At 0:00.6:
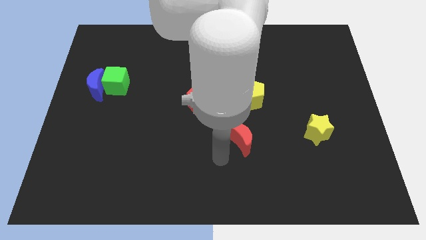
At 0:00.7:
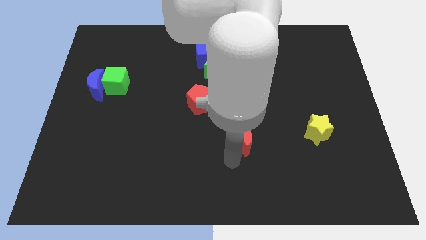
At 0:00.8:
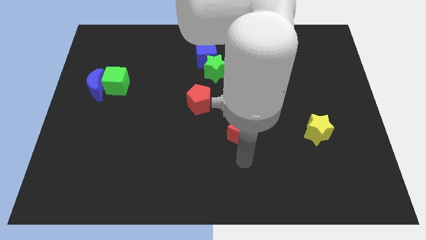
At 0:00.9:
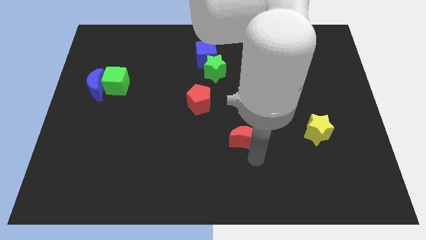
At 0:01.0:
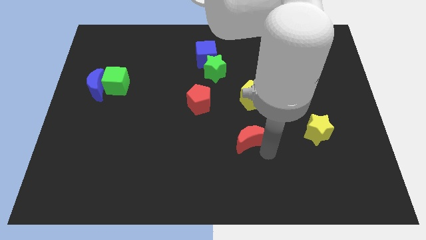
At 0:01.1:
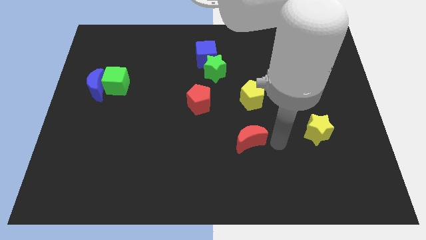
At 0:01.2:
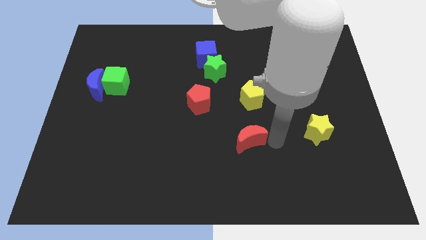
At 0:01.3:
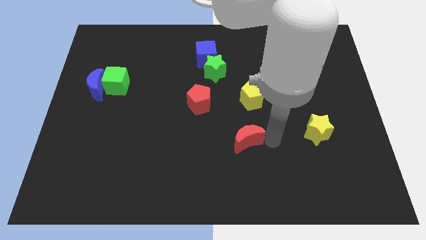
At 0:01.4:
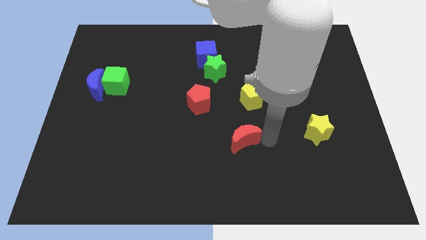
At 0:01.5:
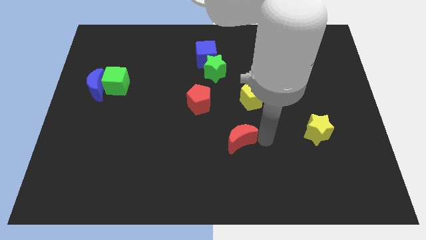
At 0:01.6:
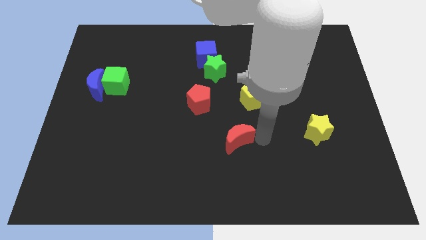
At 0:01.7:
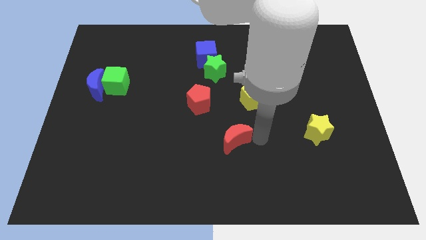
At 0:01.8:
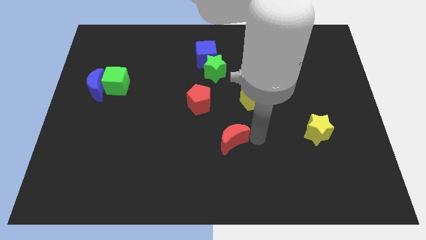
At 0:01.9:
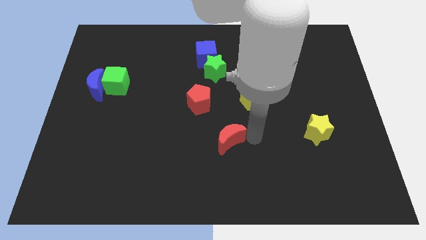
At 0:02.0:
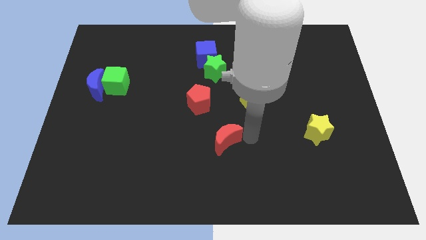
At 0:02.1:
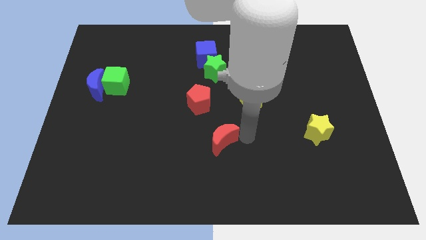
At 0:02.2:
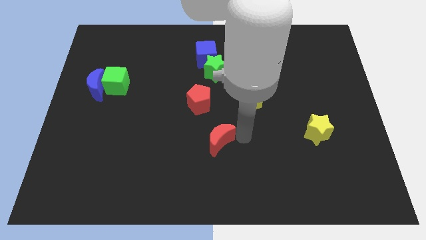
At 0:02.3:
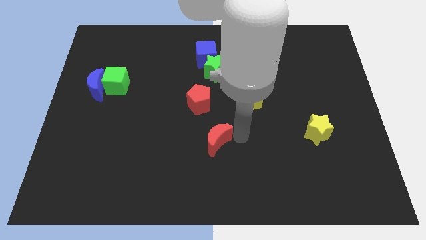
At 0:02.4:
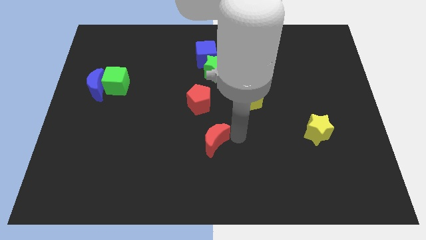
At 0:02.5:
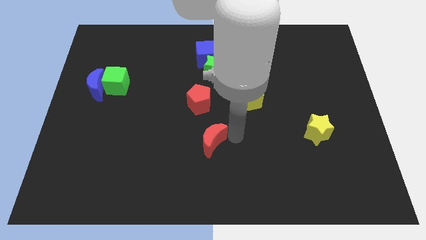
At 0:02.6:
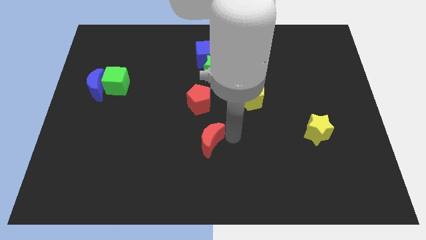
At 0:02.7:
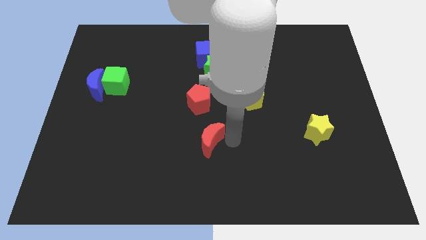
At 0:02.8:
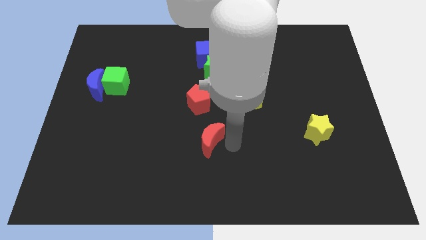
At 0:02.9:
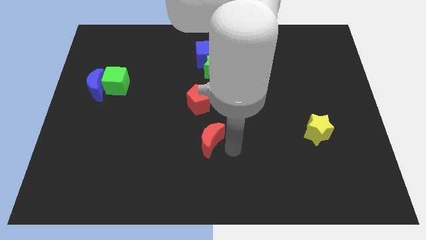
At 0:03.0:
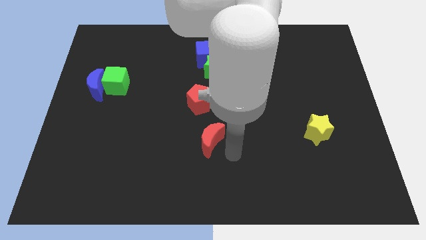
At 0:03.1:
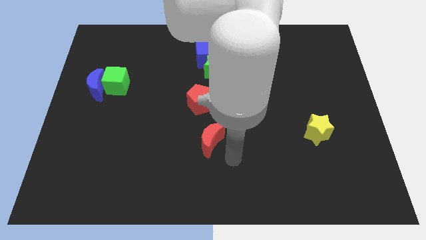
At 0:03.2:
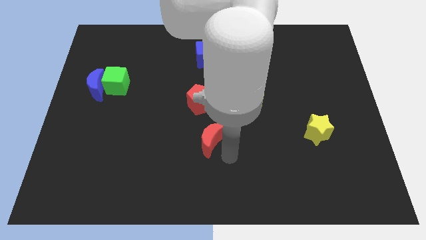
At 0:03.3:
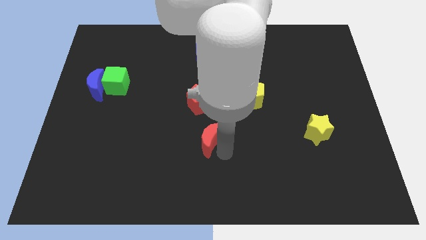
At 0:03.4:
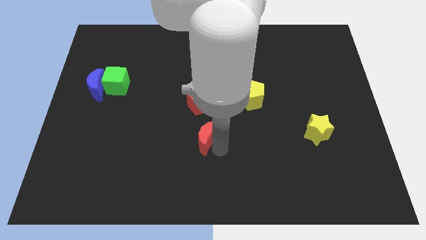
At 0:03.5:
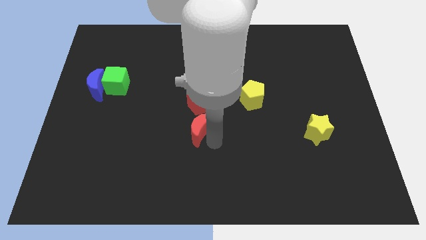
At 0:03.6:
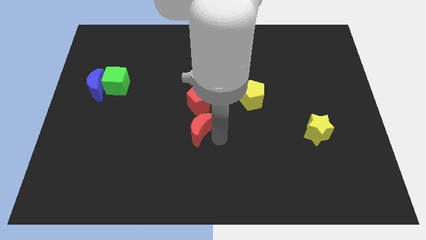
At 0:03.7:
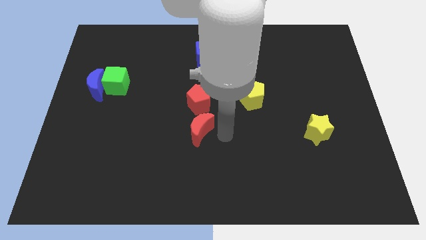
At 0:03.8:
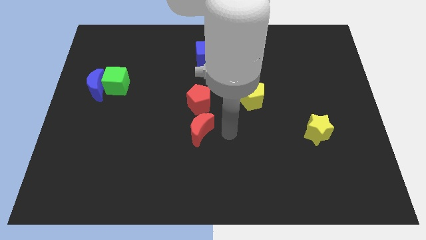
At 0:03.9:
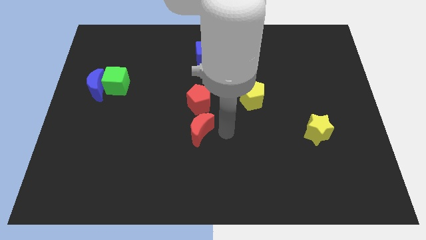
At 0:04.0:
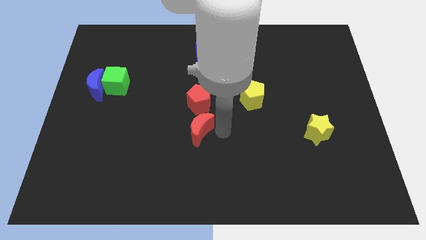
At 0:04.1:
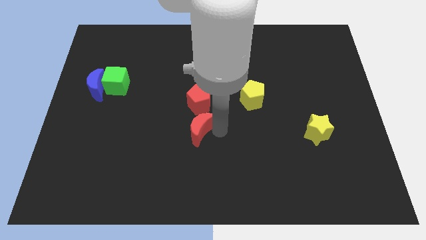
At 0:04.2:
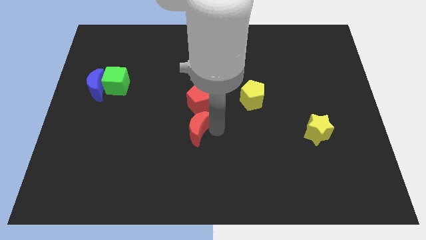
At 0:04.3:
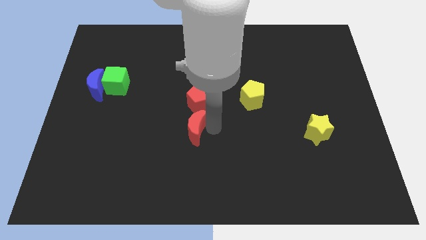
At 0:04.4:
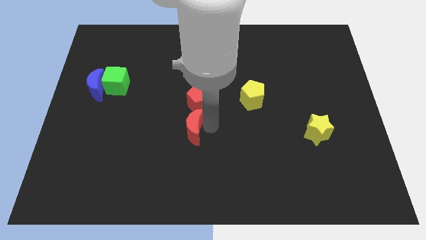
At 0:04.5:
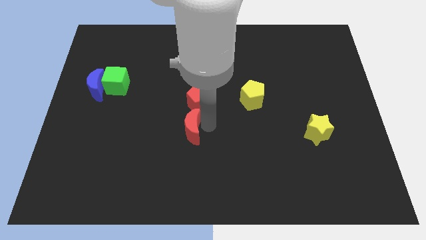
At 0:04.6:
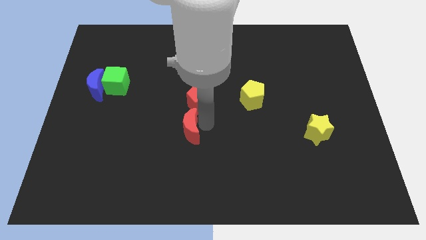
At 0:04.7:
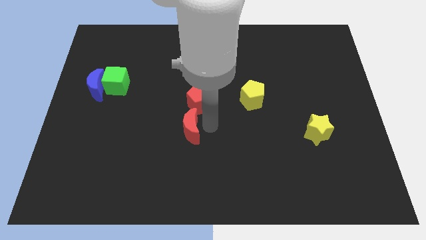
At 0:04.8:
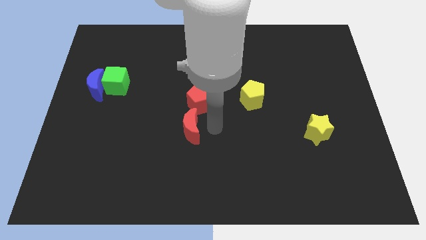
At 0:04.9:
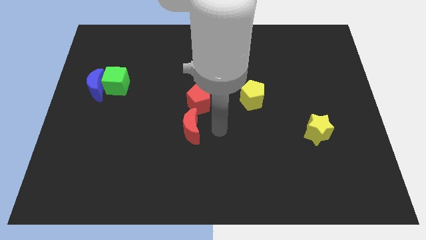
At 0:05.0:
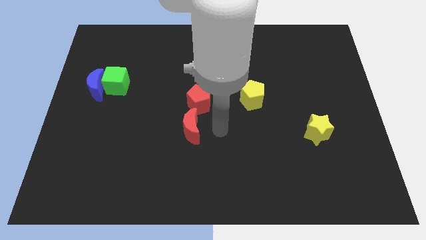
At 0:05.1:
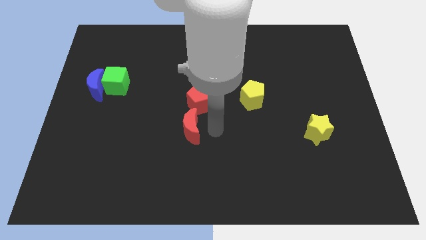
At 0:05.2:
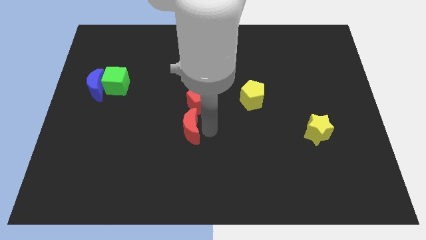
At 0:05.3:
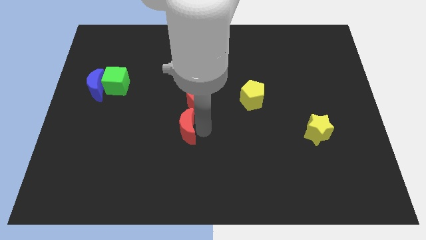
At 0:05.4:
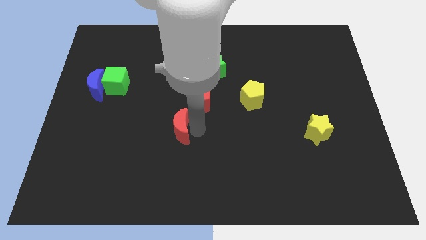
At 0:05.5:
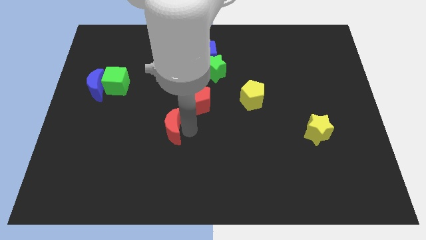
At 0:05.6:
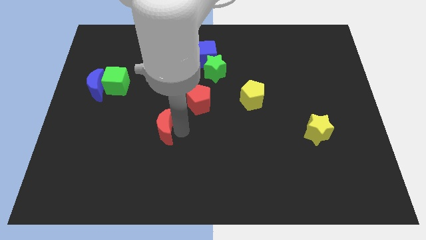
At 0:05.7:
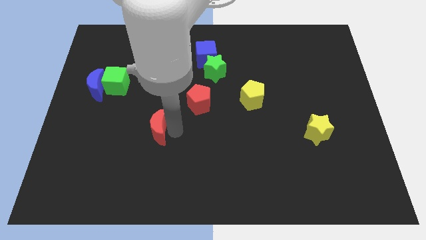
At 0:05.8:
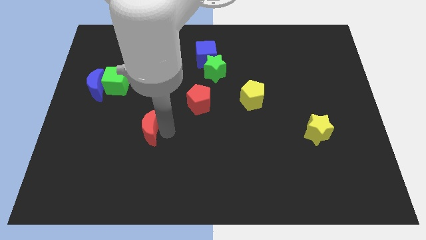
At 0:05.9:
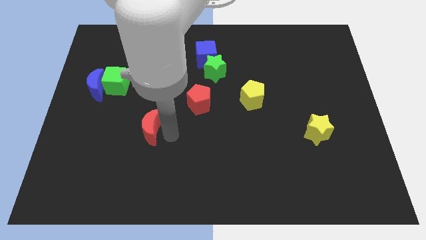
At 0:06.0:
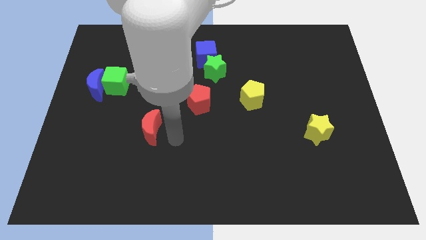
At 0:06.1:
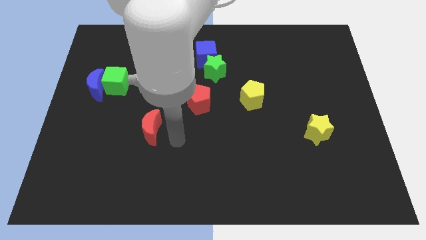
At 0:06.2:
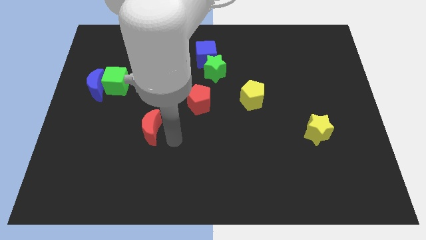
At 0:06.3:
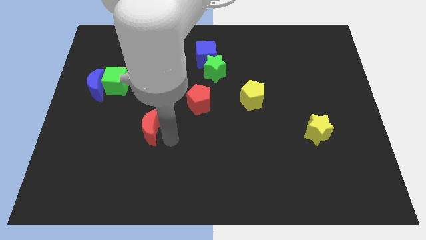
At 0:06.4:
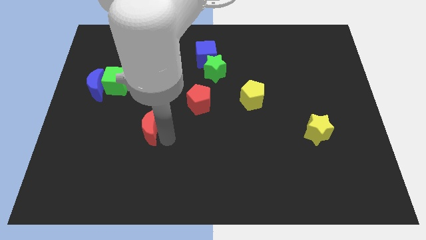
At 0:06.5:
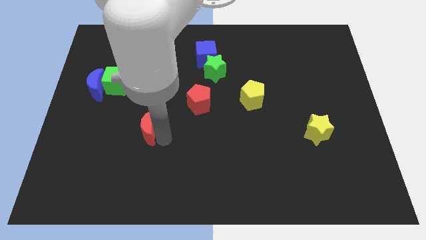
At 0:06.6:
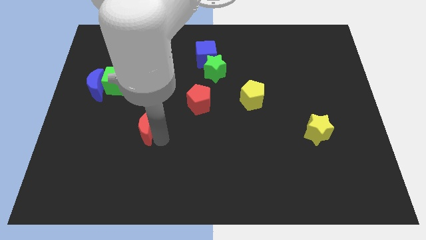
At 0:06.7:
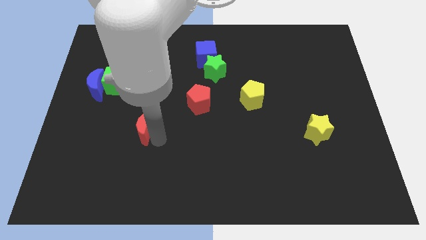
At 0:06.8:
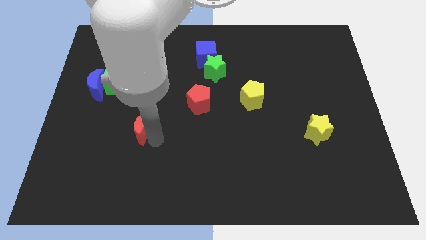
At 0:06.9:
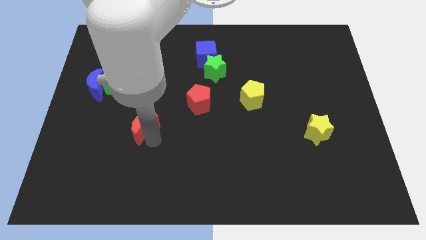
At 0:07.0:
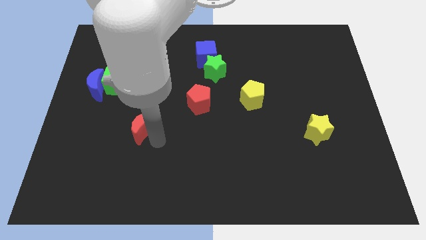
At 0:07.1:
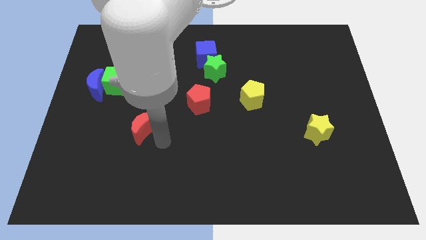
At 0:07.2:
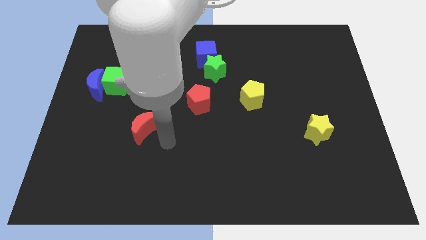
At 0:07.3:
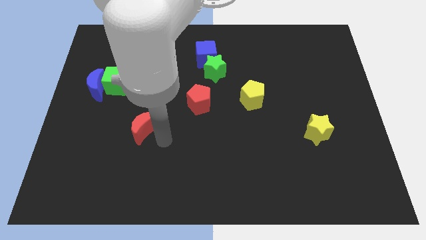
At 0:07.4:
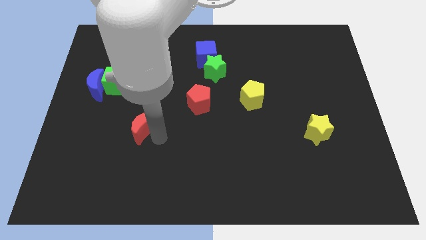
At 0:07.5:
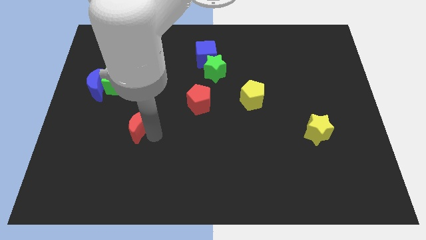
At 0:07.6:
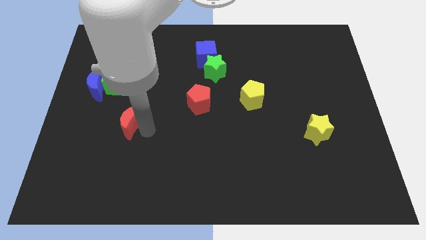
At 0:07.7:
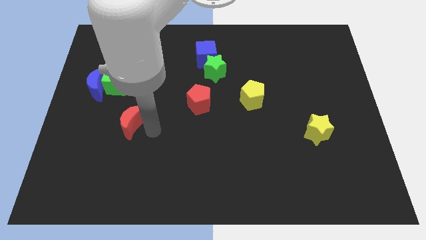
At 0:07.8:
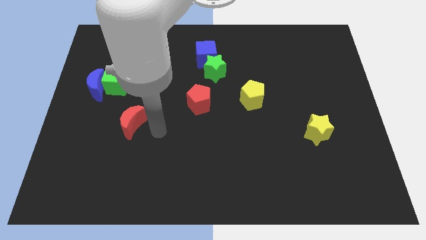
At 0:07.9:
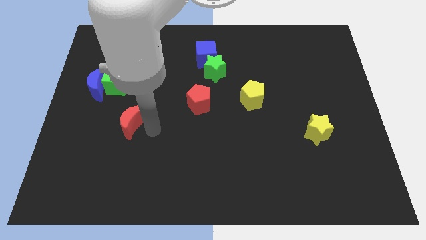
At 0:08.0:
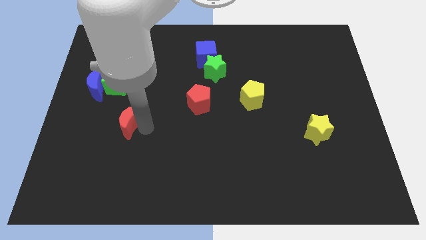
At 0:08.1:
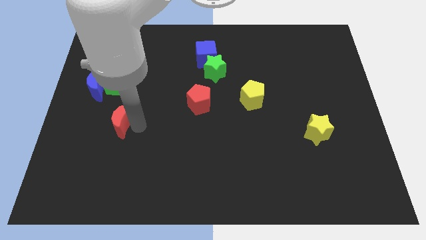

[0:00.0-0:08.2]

ASSIGNMENT ->
Pictures aside, give the data again exactly as it appears.

RESPONSE TO THE EXERCISE ->
At 0:00.6:
At 0:00.7:
At 0:00.8:
At 0:00.9:
At 0:01.0:
At 0:01.1:
At 0:01.2:
At 0:01.3:
At 0:01.4:
At 0:01.5:
At 0:01.6:
At 0:01.7:
At 0:01.8:
At 0:01.9:
At 0:02.0:
At 0:02.1:
At 0:02.2:
At 0:02.3:
At 0:02.4:
At 0:02.5:
At 0:02.6:
At 0:02.7:
At 0:02.8:
At 0:02.9:
At 0:03.0:
At 0:03.1:
At 0:03.2:
At 0:03.3:
At 0:03.4:
At 0:03.5:
At 0:03.6:
At 0:03.7:
At 0:03.8:
At 0:03.9:
At 0:04.0:
At 0:04.1:
At 0:04.2:
At 0:04.3:
At 0:04.4:
At 0:04.5:
At 0:04.6:
At 0:04.7:
At 0:04.8:
At 0:04.9:
At 0:05.0:
At 0:05.1:
At 0:05.2:
At 0:05.3:
At 0:05.4:
At 0:05.5:
At 0:05.6:
At 0:05.7:
At 0:05.8:
At 0:05.9:
At 0:06.0:
At 0:06.1:
At 0:06.2:
At 0:06.3:
At 0:06.4:
At 0:06.5:
At 0:06.6:
At 0:06.7:
At 0:06.8:
At 0:06.9:
At 0:07.0:
At 0:07.1:
At 0:07.2:
At 0:07.3:
At 0:07.4:
At 0:07.5:
At 0:07.6:
At 0:07.7:
At 0:07.8:
At 0:07.9:
At 0:08.0:
At 0:08.1:

[0:00.0-0:08.2]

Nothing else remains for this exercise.